Mainland Chinese stocks buck trend as HK joins global slide

Traders in the Hong Kong stock market grab printouts as share prices got off to a subdued start on Tuesday. Photo: Dickson Lee

Mainland Chinese stocks rose on Tuesday on heavy buying by retail investors flush with liquidity but the Hang Seng Index fell in tandem with major international markets amid fears over global economic fundamentals.

The Shenzhen Composite Index rose 2.19 per cent to 2,425.9 points, its highest close, while the Shanghai Composite Index closed up 1.56 per cent at 4,401.22 points in the third consecutive advance.

The outstanding margin purchases in the Shanghai and Shenzhen markets totalled 1.9 trillion yuan (HK$2.37 trillion) on May 7, said a CCB International report. This compares with the 1.6 trillion yuan of margin debt in April and is more than two-and-a-half times the figure six months ago.

The Hang Seng Index closed 1.12 per cent lower at 27,407.18 points while the H-share index fell 1.48 per cent to 13,973 points.

The turnover in the Hong Kong market was HK$138.84 billion. Northbound turnover of the Shanghai-Hong Kong Stock Connect was 6.86 billion yuan, while southbound was HK$5.21 billion.

Fosun International was the most heavily traded stock in Hong Kong, with a turnover of HK$11.36 billion.

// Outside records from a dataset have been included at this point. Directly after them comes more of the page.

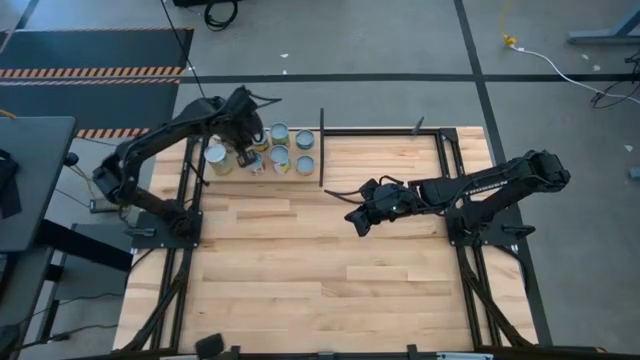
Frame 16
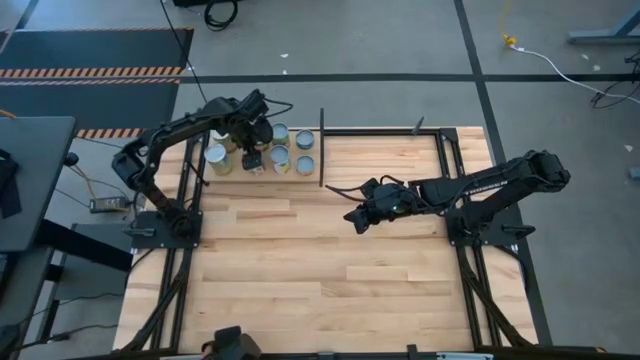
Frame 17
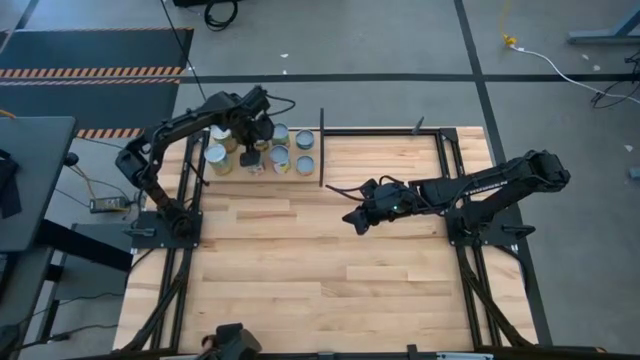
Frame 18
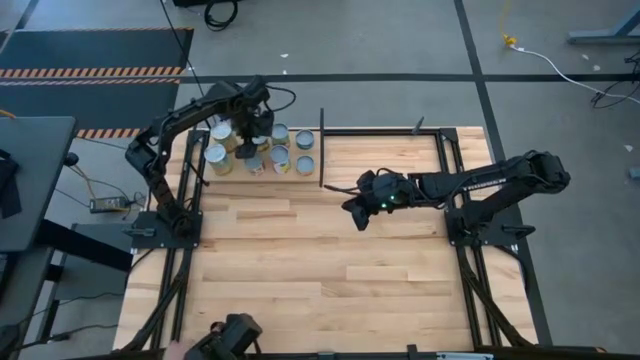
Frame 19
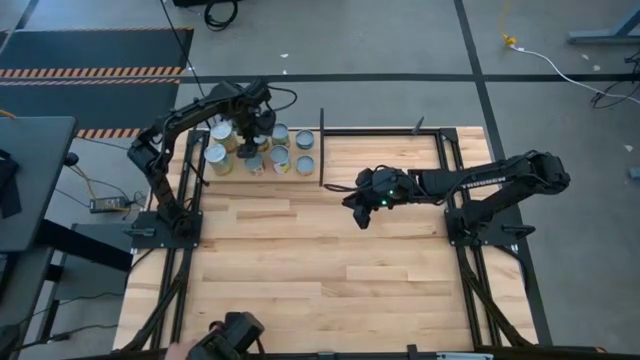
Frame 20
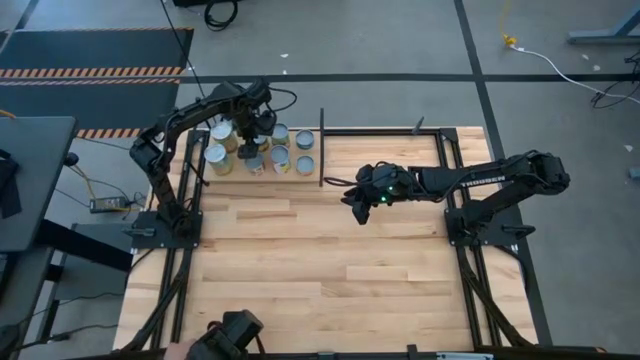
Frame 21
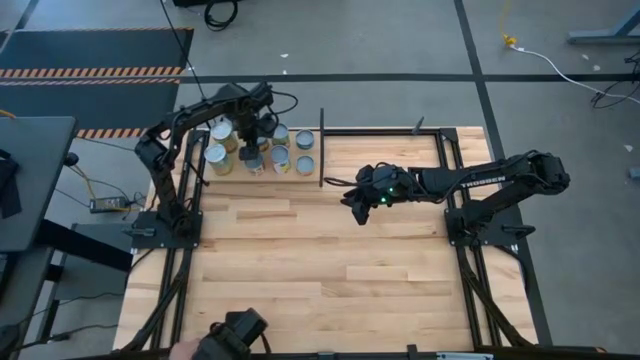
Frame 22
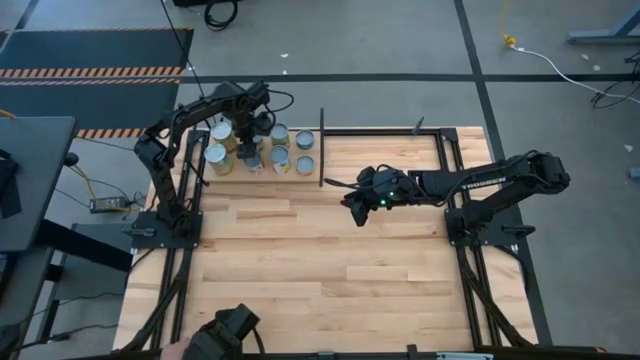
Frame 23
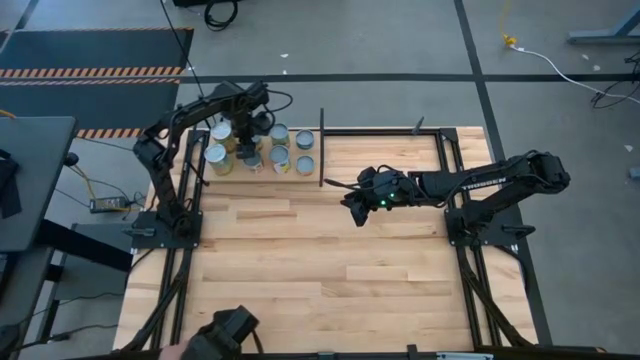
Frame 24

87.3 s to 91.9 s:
Adjust the canned goods on the shelf

From April 30 to May 6, Hong Kong equity funds saw inflows of US$94 million, compared to more than US$400 million a few weeks ago, CCB said.

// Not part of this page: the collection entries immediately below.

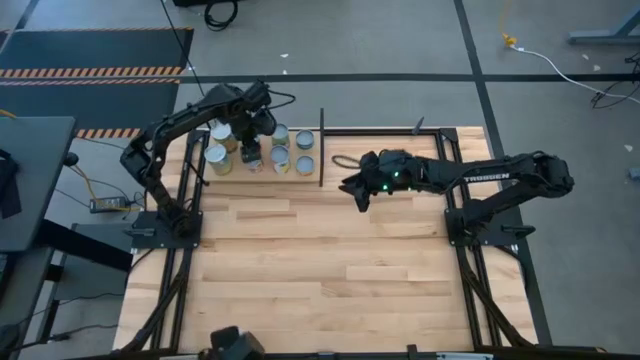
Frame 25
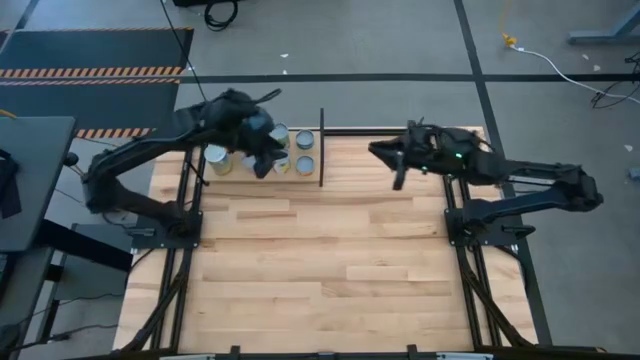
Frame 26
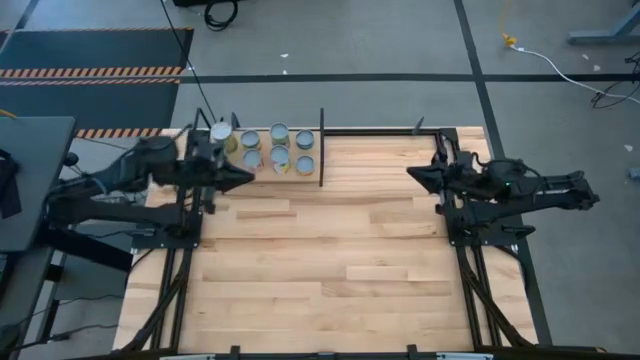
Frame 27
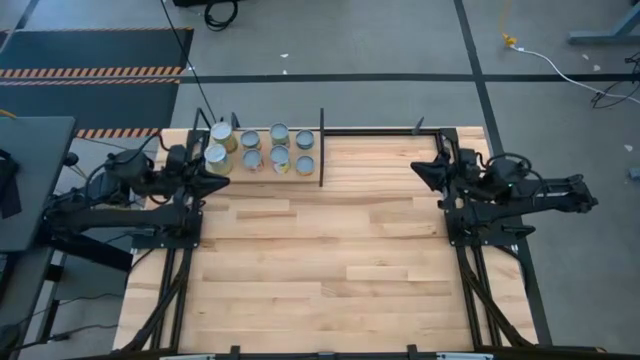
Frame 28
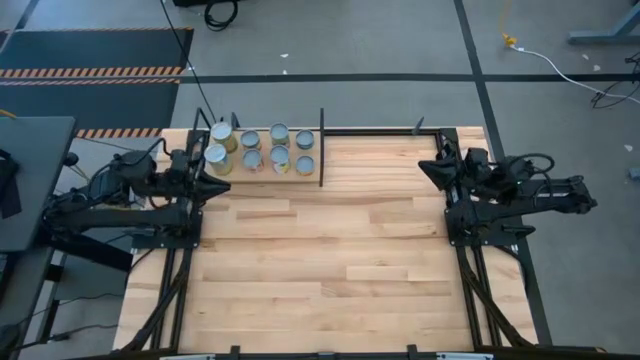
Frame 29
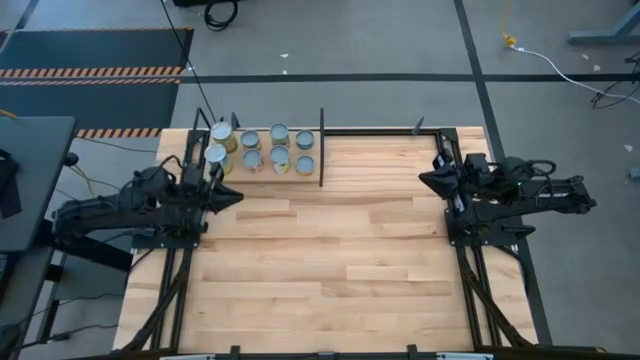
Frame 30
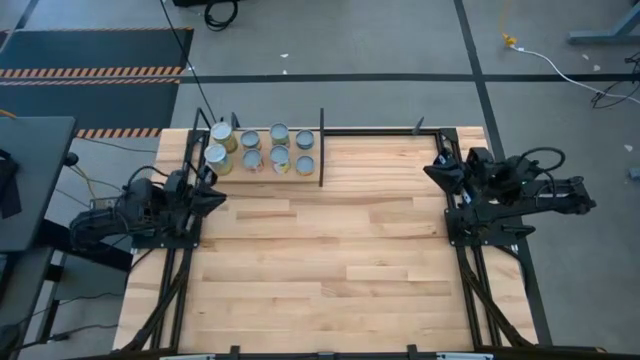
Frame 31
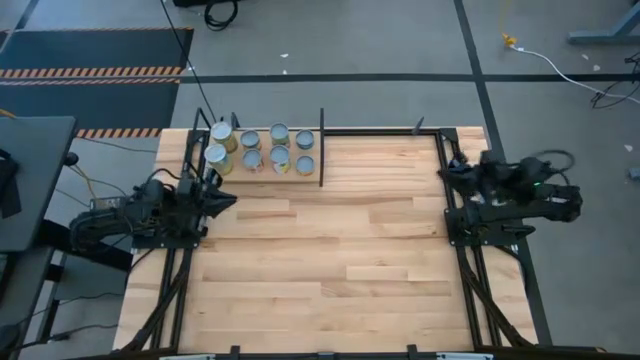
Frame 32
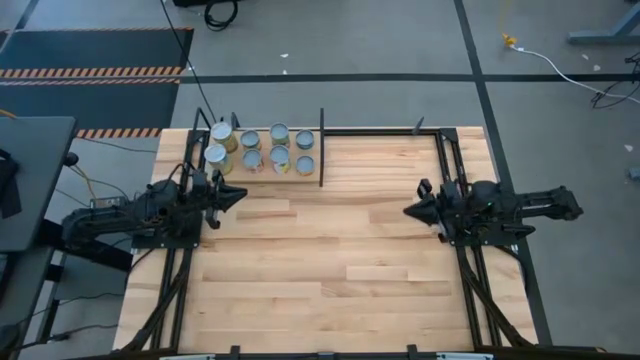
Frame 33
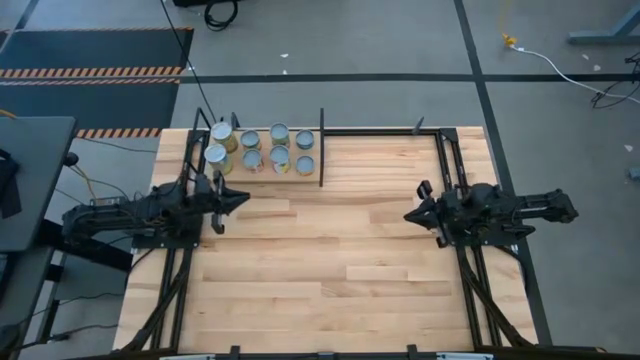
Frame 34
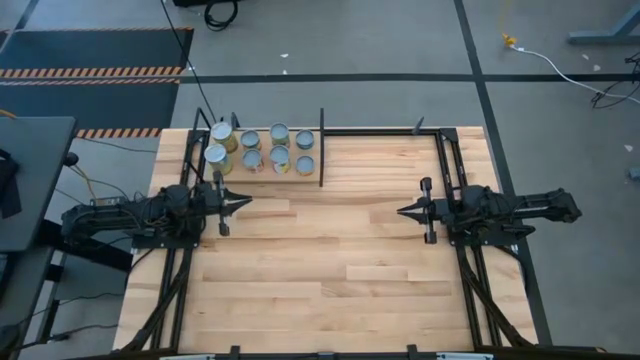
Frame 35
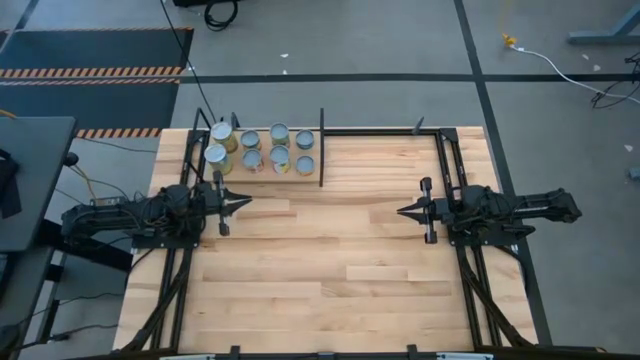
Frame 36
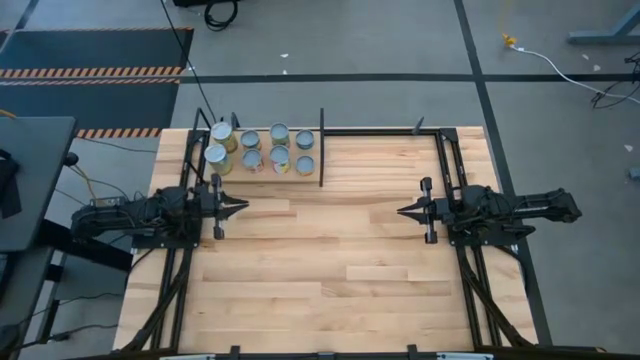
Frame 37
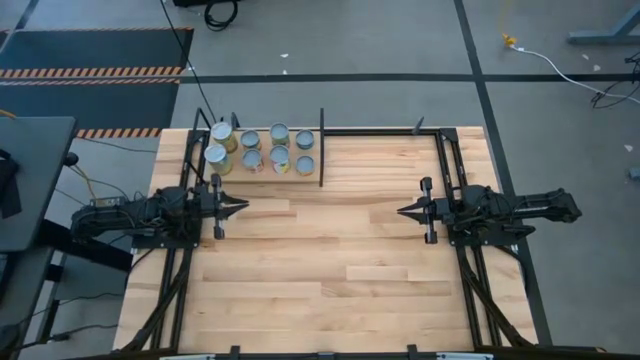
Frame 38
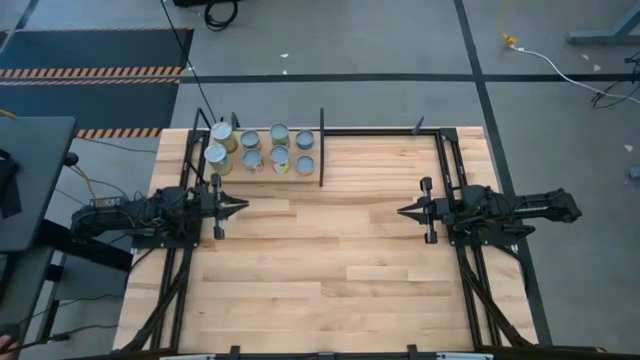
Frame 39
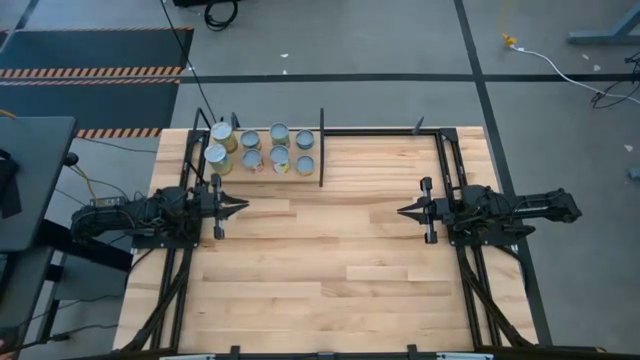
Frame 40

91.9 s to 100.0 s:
Return to Home Position

Ben Kwong Man-bun, a director of KGI Asia, said the divergent movement of the Hang Seng and Shanghai Composite indices was due to the dominance of retail investors in the mainland Chinese markets and that of foreign institutional players in the Hong Kong market.

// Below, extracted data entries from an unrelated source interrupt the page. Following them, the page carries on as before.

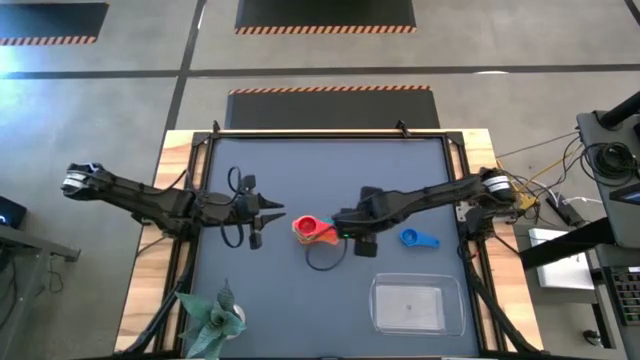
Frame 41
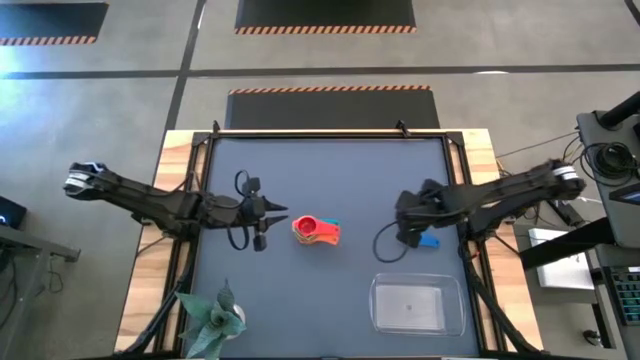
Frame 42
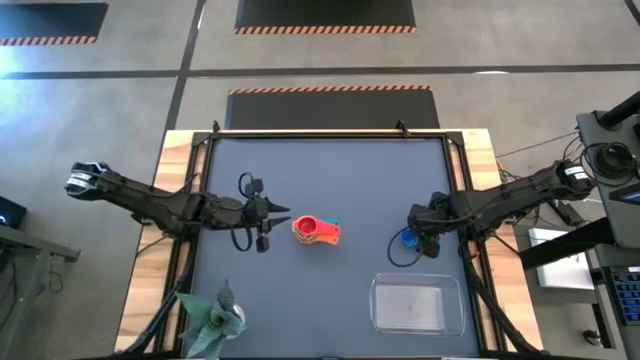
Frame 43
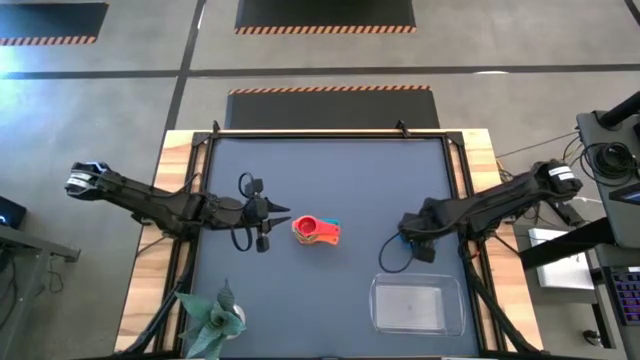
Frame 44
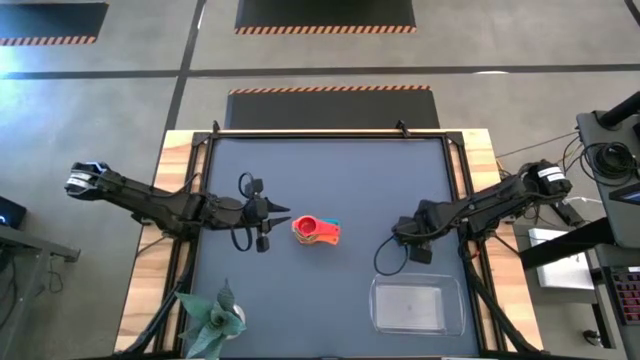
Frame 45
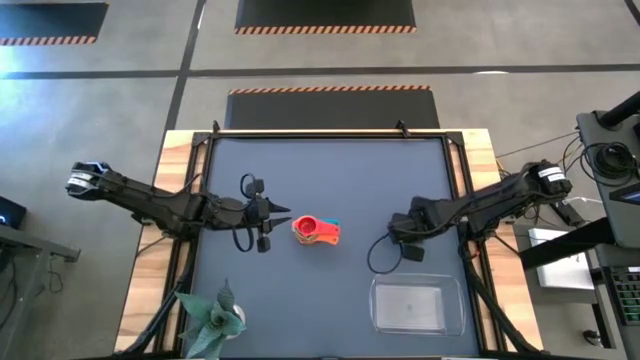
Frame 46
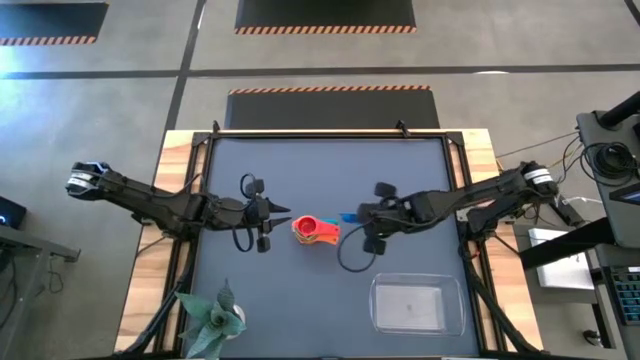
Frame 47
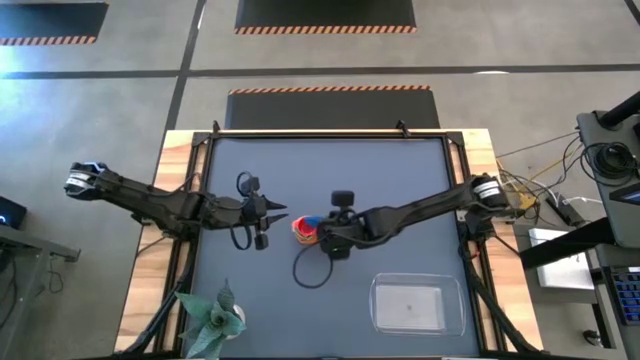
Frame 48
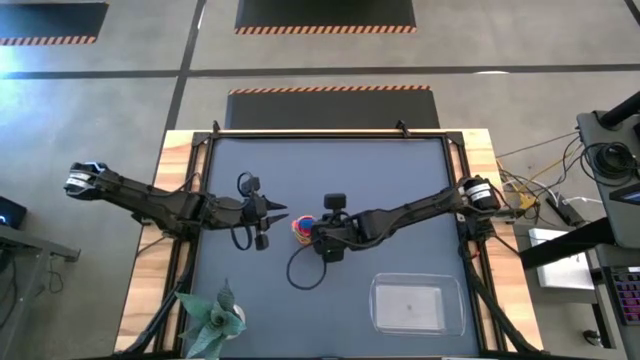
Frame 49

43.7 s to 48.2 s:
Task: Nest measuring cups in basket
Stack the blue measuring cup on top of the red measuring cup

"China benefits from easing monetary conditions. Liquidity is ample. So investor sentiment is buoyant," Kwong said.

China's interbank repo rates slid to their lowest level since 2012, reflecting abundant liquidity in the market, CCB said.

Cuts in the benchmark deposit and lending rates took effect in mainland China on Monday, with many analysts expecting more easing measures by Beijing to prop up the slowing economy.

"In Hong Kong, it is more the foreign institutional investors, but they focus on fundamentals rather than momentum trading," Kwong said. "The fund flow into Hong Kong is less favourable than before. Value-based investors don't want to jump into the Hong Kong market now."

Hong Kong's slide followed the slump in international markets. European stocks fell for the first time in four days as euro zone government bonds declined and investors watched developments in Greek bailout talks. The S&P 500 was down nearly 0.5 per cent.

The international bond sell-off was also affecting Hong Kong stocks, Kwong said.

US government bonds suffered their worst sell-off in more than two months on Monday.